Sigmund Freud never set foot in Argentina, let alone Buenos Aires. But then, he never had to. The capital has been shaped by his couch and ideas more than anywhere in the world.
If you wander around the city long enough, you'll discover Villa Freud, a small psychoanalytic enclave where many psychologists once kept their practices. It's a neighbourhood within the larger neighbourhood of Palermo, the city's coolest area. In 2020, a bill was proposed to rename one of its streets after Freud himself: “A tribute,” it explained, “to a figure… so dear to many residents of the city of Buenos Aires.”
It is not just Freud’s theory that has taken hold here, but his practice. Argentina has approximately 222 psychologists per 100,000 inhabitants, roughly one for every 450 people — the highest rate in the world. In Buenos Aires, the numbers are higher still, with 1,572 psychologists per 100,000 people. Here, therapy is not a luxury but a habit; some residents reportedly skip meals to pay for it.

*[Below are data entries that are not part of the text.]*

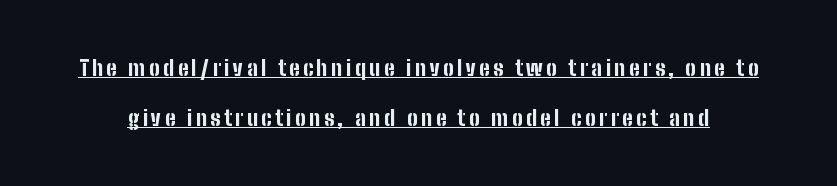
{"italic": "no", "bold": "yes", "underline": "yes", "line_spacing": "loose", "line_spacing_ratio": 2.37, "glyph_px": 21}
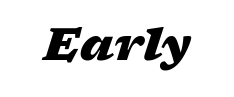
Is this a fixed-width face? No — the glyphs have proportional, varying widths. The tracking reads as untouched default to a designer's eye. Characters are canted at an angle relative to the baseline's perpendicular. This is heavy type, rendered in bold. Bare-footed words on every line.
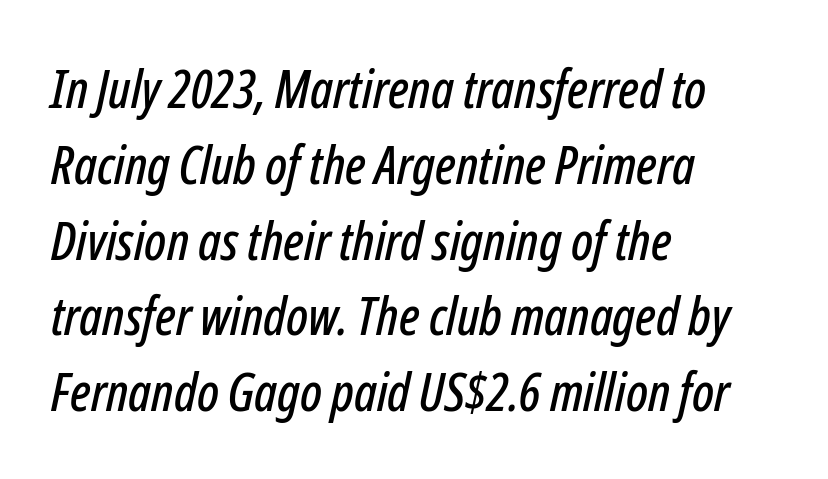
Has an underline been added? It has not. Think of a printed novel: that variable character pitch is what you see here. Italic: yes, the glyphs are oblique. How are the letters spaced? Ordinarily, with no added tracking.
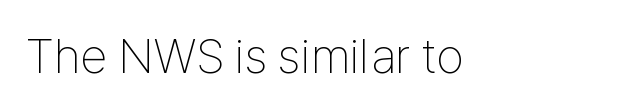
The image shows 49 px thin, condensed sans-serif type, upright; set normal letter spacing, not underlined; low stroke contrast and a medium x-height.
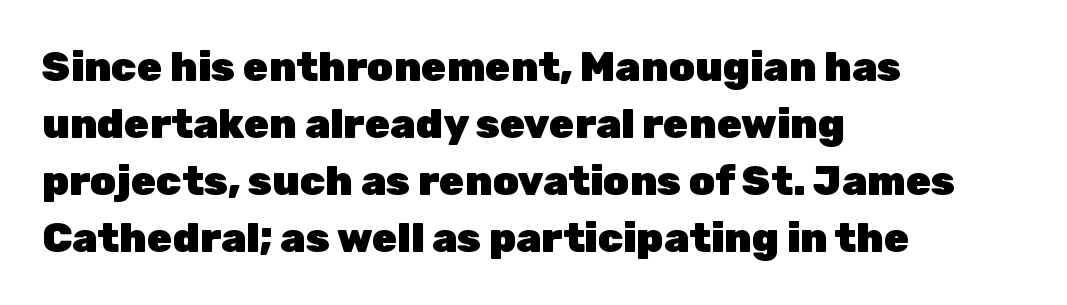
Q: Is the text bold? A: Yes.
Q: Is the text italic (slanted)? A: No, it is upright.
Q: Is the typeface a serif or a sans-serif typeface? A: Sans-serif.
Q: Is the text underlined? A: No.
Q: How is the paragraph aligned? A: Left-aligned.
Q: Is the spacing between letters normal or unusually wide? A: Normal.
Q: Is the spacing between lines tight, normal or loose? A: Normal.
Q: Width (condensed, normal, or wide)? A: Normal.
Q: Stroke contrast? A: Low.
Q: x-height? A: Medium.
Q: Monospaced? A: No.
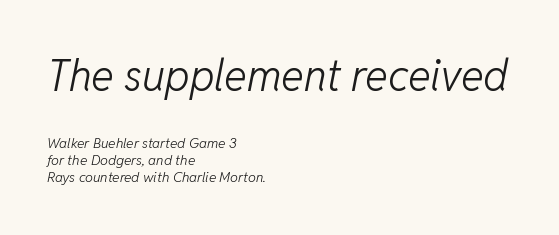
The image shows 43 px light type, italic (leaning right); set left-aligned, line spacing 1.21x, normal letter spacing, not underlined; the first (top) block is 3.07x larger; low stroke contrast and a medium x-height.

In other words, with or without Freud’s blessing, Buenos Aires has become the world capital of therapy.
Whether it stays so, however, is another matter entirely. Since Javier Milei became president in 2023, the country’s therapeutic spirit has found itself under a sustained political attack.
National budgets are being cut and publicly funded departments shut down, all at a time when therapists are being forced to adapt to a new digitised world. In Argentina as elsewhere, Freud’s books have begun to lose shelf space to TikTok bestsellers. In-person sessions are now carried out over Zoom. A number of therapists I spoke to described patients arriving with ready-made interpretations of themselves, after attempting to self-analyse using ChatGPT.
The result is an Argentinian “superego” that feels, for the first time in decades, unsettled. Is Freud’s hold beginning to slip?
Freud’s theories arrived in Argentina without too many aspirations. In 1925, his complete works were translated into Spanish — directly from German — in 17 volumes by a Madrid publisher. They failed commercially in Spain, but found an eager readership in Argentina.
The country at the time was a society in flux, undergoing rapid immigration and urbanisation. Psychoanalysis, with its focus on individual identity, self-examination, and the construction of modern subjectivity, proved a natural fit. It helped people see themselves as individuals in a rapidly changing 20th century.